CHARACTERISTICS OF CLIENTS AT INCIDENT HAEMODIALYSIS TREATMENT: A RETROSPECTIVE AUDIT IN A NORTHERN AUSTRALIAN HOSPITAL

JT HUGHES1,2, SW MAJONI1,2,3 , F BARZI1, S SIGNAL2, J KAPOJOS2, A ABEYARATNE2, M SUNDARAM2, P GOLDRICK4, SL JONES4, R McFARLANE5, LT CAMPBELL3, D STEPHENS3, 4, A CASS1

1Menzies School of Health Research, Charles Darwin University, Darwin, NT; 2Department of Nephrology, Division of Medicine, Royal Darwin Hospital, NT; 3Northern Territory Clinical School, Flinders University, Darwin NT; 4Intensive Care Unit, Royal Darwin Hospital; 5Chemical Pathology, Territory Pathology, Department of Health, Darwin, NT

Background: The Northern Territory (NT) has the highest national prevalence of dialysis-dependent end stage kidney disease (ESKD). All haemodialysis initiation in the Top-End region occurs at the Royal Darwin Hospital dialysis unit (DU), or intensive care unit (ICU) with continuous veno-venous haemofiltration if critically unwell.

Aim: to describe the survival of clients presenting for an incident haemodialysis (i-HD) treatment in the Top-End NT between 1 January 2011 to 21 December 2012.

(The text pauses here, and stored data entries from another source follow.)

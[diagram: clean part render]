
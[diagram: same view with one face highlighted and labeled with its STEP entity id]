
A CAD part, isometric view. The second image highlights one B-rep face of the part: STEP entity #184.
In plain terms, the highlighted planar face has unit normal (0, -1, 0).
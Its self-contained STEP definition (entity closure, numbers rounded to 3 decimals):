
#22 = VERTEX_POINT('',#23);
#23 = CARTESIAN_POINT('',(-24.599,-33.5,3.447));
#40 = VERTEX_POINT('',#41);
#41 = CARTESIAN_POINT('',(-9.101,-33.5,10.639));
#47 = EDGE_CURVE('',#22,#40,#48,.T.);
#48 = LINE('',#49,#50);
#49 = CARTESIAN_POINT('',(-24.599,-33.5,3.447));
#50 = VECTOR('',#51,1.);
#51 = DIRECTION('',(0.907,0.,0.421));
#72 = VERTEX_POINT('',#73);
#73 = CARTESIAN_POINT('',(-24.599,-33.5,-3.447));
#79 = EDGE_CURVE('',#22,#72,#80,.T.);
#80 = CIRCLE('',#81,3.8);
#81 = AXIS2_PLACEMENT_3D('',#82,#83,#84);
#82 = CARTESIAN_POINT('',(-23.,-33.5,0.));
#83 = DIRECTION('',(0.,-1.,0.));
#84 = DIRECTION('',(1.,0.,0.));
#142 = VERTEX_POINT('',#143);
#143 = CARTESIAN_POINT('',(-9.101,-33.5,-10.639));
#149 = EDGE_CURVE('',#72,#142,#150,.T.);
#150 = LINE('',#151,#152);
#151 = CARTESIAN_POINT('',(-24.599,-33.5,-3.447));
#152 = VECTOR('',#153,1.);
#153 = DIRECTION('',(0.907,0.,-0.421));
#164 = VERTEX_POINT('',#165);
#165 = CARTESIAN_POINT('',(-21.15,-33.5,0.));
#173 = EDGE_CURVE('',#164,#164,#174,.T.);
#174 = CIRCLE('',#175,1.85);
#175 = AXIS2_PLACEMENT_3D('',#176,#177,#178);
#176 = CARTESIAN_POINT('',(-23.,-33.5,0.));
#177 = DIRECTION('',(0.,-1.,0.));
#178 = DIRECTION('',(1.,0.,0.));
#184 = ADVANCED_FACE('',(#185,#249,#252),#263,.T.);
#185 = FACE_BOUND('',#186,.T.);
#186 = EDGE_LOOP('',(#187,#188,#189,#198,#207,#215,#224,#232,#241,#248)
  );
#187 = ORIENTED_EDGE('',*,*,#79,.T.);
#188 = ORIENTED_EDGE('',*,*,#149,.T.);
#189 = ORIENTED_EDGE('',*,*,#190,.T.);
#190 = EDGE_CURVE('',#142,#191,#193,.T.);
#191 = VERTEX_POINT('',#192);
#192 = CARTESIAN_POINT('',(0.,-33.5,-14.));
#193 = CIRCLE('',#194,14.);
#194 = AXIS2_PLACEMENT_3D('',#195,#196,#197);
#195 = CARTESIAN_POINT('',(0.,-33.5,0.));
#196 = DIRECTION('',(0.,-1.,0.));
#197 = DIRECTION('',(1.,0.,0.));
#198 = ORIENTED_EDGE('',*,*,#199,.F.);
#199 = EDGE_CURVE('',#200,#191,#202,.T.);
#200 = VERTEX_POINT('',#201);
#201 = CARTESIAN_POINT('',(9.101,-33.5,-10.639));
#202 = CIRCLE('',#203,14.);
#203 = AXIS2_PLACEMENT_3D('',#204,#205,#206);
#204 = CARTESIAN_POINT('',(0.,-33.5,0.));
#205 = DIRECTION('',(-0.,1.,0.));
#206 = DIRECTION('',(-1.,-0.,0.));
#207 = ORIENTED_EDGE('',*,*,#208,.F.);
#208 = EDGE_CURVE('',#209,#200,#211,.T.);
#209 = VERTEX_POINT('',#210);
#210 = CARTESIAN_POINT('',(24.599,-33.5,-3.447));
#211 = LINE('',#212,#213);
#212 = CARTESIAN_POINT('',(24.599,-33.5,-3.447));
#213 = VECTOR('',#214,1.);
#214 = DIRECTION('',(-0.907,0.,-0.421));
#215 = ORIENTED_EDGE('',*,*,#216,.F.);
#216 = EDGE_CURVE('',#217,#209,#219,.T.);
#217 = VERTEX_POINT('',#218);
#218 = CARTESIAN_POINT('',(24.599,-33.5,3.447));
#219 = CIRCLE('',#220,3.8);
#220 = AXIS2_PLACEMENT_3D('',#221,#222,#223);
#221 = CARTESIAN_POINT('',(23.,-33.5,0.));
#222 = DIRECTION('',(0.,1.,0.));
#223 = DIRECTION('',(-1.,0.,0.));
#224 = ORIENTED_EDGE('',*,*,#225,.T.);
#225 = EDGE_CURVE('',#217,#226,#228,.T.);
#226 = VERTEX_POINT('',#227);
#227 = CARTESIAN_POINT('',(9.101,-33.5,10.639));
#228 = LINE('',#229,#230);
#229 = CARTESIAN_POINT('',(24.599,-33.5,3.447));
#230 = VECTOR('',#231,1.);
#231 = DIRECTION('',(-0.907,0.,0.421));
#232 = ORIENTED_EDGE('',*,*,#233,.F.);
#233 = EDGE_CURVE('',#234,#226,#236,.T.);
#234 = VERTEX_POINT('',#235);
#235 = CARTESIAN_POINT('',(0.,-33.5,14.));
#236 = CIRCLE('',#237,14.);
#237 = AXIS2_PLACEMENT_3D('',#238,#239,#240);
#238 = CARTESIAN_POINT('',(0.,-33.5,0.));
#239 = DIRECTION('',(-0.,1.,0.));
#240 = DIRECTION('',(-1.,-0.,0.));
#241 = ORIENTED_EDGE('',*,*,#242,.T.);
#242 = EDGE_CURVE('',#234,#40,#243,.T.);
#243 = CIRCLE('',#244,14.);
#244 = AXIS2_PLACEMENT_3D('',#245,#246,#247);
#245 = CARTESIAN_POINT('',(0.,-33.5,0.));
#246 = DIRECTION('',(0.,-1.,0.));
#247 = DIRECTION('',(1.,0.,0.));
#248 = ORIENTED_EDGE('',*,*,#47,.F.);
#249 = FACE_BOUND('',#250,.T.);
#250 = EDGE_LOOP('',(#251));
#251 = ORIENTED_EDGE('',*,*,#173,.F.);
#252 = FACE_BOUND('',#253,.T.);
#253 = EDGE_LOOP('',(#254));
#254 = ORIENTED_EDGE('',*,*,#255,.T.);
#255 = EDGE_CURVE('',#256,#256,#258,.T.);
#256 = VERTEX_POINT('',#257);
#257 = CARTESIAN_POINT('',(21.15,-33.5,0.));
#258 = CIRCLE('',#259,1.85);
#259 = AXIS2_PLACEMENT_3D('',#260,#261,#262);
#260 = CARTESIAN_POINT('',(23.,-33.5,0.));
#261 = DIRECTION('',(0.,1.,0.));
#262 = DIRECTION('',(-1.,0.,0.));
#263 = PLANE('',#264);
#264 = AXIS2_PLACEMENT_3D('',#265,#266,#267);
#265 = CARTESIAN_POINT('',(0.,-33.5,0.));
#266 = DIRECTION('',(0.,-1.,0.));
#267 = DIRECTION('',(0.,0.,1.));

Methods: Admissions data describing the incident HD (i-HD) treatment in clients (>18 years) were identified from the ANZICS database and DU diary (available for 01/07/2011-31/12/2012).  Planned dialysis at i-HD was defined as admission within DU of <8 hours.  Survival was calculated to date of death or follow-up (censored at 31/12/2015).  Requirement for ongoing maintenance dialysis (mRRT) after 90 days was confirmed by ANZDATA and chart review.

Results: Admissions for i-HD occurred in 176 clients (52.7% male, Indigenous 71%, mean age 50.5 (range 18.5-87.1) years, median eGFR within 90 days of i-HD 24 (IQR 8-61) ml/min/1.73m2), at the DU 39.2%, ICU 47.2% or both units (DU-ICU) 13.6%.  In this period, 57 clients (32.4%) at i-HD continued with mRRT, though only 17/57 (29.8%) had i-HD as a planned-dialysis. 136 (77.2%) clients survived 30 days, with 50.6% overall survival.  Survival was higher in clients with i-HD in DU than ICU (69.6 v 37.3%%, p<0.001) or ICU-DU (69.6 v 41.7%, p=0.01).  Survival was unrelated to planned-dialysis (p=0.08).

Discussion: The Top-End NT has a high demand for dialysis support with incident haemodialysis in the context of critical illness and unplanned-dialysis; though only critical illness was associated with lower survival.  Further research understanding factors associated with unplanned dialysis is required.